The initial step was to outline the various theories relating to perception, to describe the perceptual process as it is generally understood, and to examine some of the complex variables which are operative in the processes of perception. Both physical and psychological factors combine in intricate relationships of inherent needs and capabilities as well effects of learning and experience. In addition, the relationship between aesthetics, or the formal elements of art, and basic psychophysical needs for pattern and complexity in visual stimuli were investigated.
Material from the areas of psychology, biology, and design was explored in an attempt to bridge some of the many gaps which now exist between behavioral sciences, art and the planning of the visual environment.

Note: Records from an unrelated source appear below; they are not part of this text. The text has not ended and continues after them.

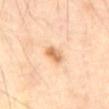On the abdomen. A lesion tile, about 15 mm wide, cut from a 3D total-body photograph. The tile uses cross-polarized illumination. Automated image analysis of the tile measured a lesion color around L≈68 a*≈22 b*≈39 in CIELAB, a lesion–skin lightness drop of about 13, and a lesion-to-skin contrast of about 8 (normalized; higher = more distinct). The analysis additionally found border irregularity of about 1.5 on a 0–10 scale, a within-lesion color-variation index near 4.5/10, and a peripheral color-asymmetry measure near 1.5. Longest diameter approximately 2.5 mm. The patient is a male approximately 70 years of age.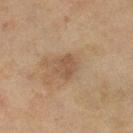No biopsy was performed on this lesion — it was imaged during a full skin examination and was not determined to be concerning.
From the leg.
A female subject aged around 60.
A lesion tile, about 15 mm wide, cut from a 3D total-body photograph.
The lesion's longest dimension is about 2.5 mm.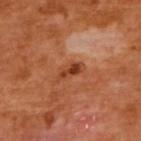subject = female, approximately 55 years of age
tile lighting = cross-polarized
imaging modality = ~15 mm tile from a whole-body skin photo
diameter = ≈3.5 mm
TBP lesion metrics = a lesion color around L≈43 a*≈29 b*≈37 in CIELAB, a lesion–skin lightness drop of about 11, and a normalized border contrast of about 8.5; a classifier nevus-likeness of about 65/100 and a detector confidence of about 100 out of 100 that the crop contains a lesion
site = the upper back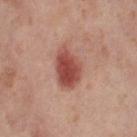Part of a total-body skin-imaging series; this lesion was reviewed on a skin check and was not flagged for biopsy. A female patient, approximately 55 years of age. From the left thigh. Imaged with cross-polarized lighting. Cropped from a whole-body photographic skin survey; the tile spans about 15 mm. The recorded lesion diameter is about 5 mm.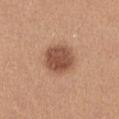This lesion was catalogued during total-body skin photography and was not selected for biopsy.
An algorithmic analysis of the crop reported a footprint of about 12 mm², an eccentricity of roughly 0.45, and a shape-asymmetry score of about 0.1 (0 = symmetric). The analysis additionally found a border-irregularity rating of about 1/10, internal color variation of about 3.5 on a 0–10 scale, and a peripheral color-asymmetry measure near 1. The software also gave a lesion-detection confidence of about 100/100.
From the chest.
This is a white-light tile.
Measured at roughly 4 mm in maximum diameter.
A close-up tile cropped from a whole-body skin photograph, about 15 mm across.
A female patient in their mid- to late 20s.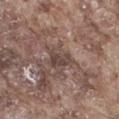Assessment:
Captured during whole-body skin photography for melanoma surveillance; the lesion was not biopsied.
Image and clinical context:
The lesion is located on the right thigh. Automated tile analysis of the lesion measured a normalized border contrast of about 7. The analysis additionally found border irregularity of about 3 on a 0–10 scale, internal color variation of about 2.5 on a 0–10 scale, and a peripheral color-asymmetry measure near 1. It also reported a classifier nevus-likeness of about 0/100 and a detector confidence of about 65 out of 100 that the crop contains a lesion. Longest diameter approximately 3 mm. The tile uses white-light illumination. Cropped from a whole-body photographic skin survey; the tile spans about 15 mm. A male subject, aged around 75.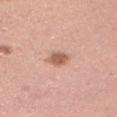Image and clinical context:
The total-body-photography lesion software estimated a footprint of about 4.5 mm², a shape eccentricity near 0.6, and a shape-asymmetry score of about 0.2 (0 = symmetric). It also reported a border-irregularity rating of about 1.5/10 and a within-lesion color-variation index near 2.5/10. The software also gave an automated nevus-likeness rating near 85 out of 100 and a detector confidence of about 100 out of 100 that the crop contains a lesion. From the left upper arm. A male subject approximately 35 years of age. A 15 mm close-up extracted from a 3D total-body photography capture.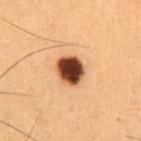Q: Was this lesion biopsied?
A: no biopsy performed (imaged during a skin exam)
Q: Automated lesion metrics?
A: a mean CIELAB color near L≈36 a*≈21 b*≈28, roughly 23 lightness units darker than nearby skin, and a lesion-to-skin contrast of about 17.5 (normalized; higher = more distinct); a nevus-likeness score of about 100/100 and lesion-presence confidence of about 100/100
Q: What is the anatomic site?
A: the abdomen
Q: Who is the patient?
A: male, approximately 50 years of age
Q: What is the imaging modality?
A: ~15 mm tile from a whole-body skin photo
Q: Illumination type?
A: cross-polarized
Q: What is the lesion's diameter?
A: ≈3.5 mm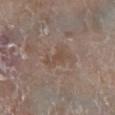{
  "biopsy_status": "not biopsied; imaged during a skin examination",
  "lighting": "white-light",
  "image": {
    "source": "total-body photography crop",
    "field_of_view_mm": 15
  },
  "lesion_size": {
    "long_diameter_mm_approx": 3.5
  },
  "patient": {
    "sex": "female",
    "age_approx": "85+"
  },
  "site": "leg"
}

Finally, a proposed structure for a sign control by-law was developed which would provide a more comprehensive design basis than that which presently exists, and which in adoption, would be more consistent with the needs described in the processes of perception and aesthetic satisfaction.
As a result of this study, it was concluded that within any given culture, broad similarities occur in the related processes of perception and aesthetic satisfaction. These two processes have both physical and cultural components, and learning and motivation seem to play large roles, as do the innate factors. The search for stimulus variability and complexity seems to be a basic incentive in human behavior. There is also evidence of an optimal perceptual rate within homogeneous cultures. Further research in order to develop adequate methodology to test optimal perceptual responses and level of satisfaction of the visual environment is essential. However, these psychophysical processes provide a more realistic and comprehensive basis for the evaluation of the environment.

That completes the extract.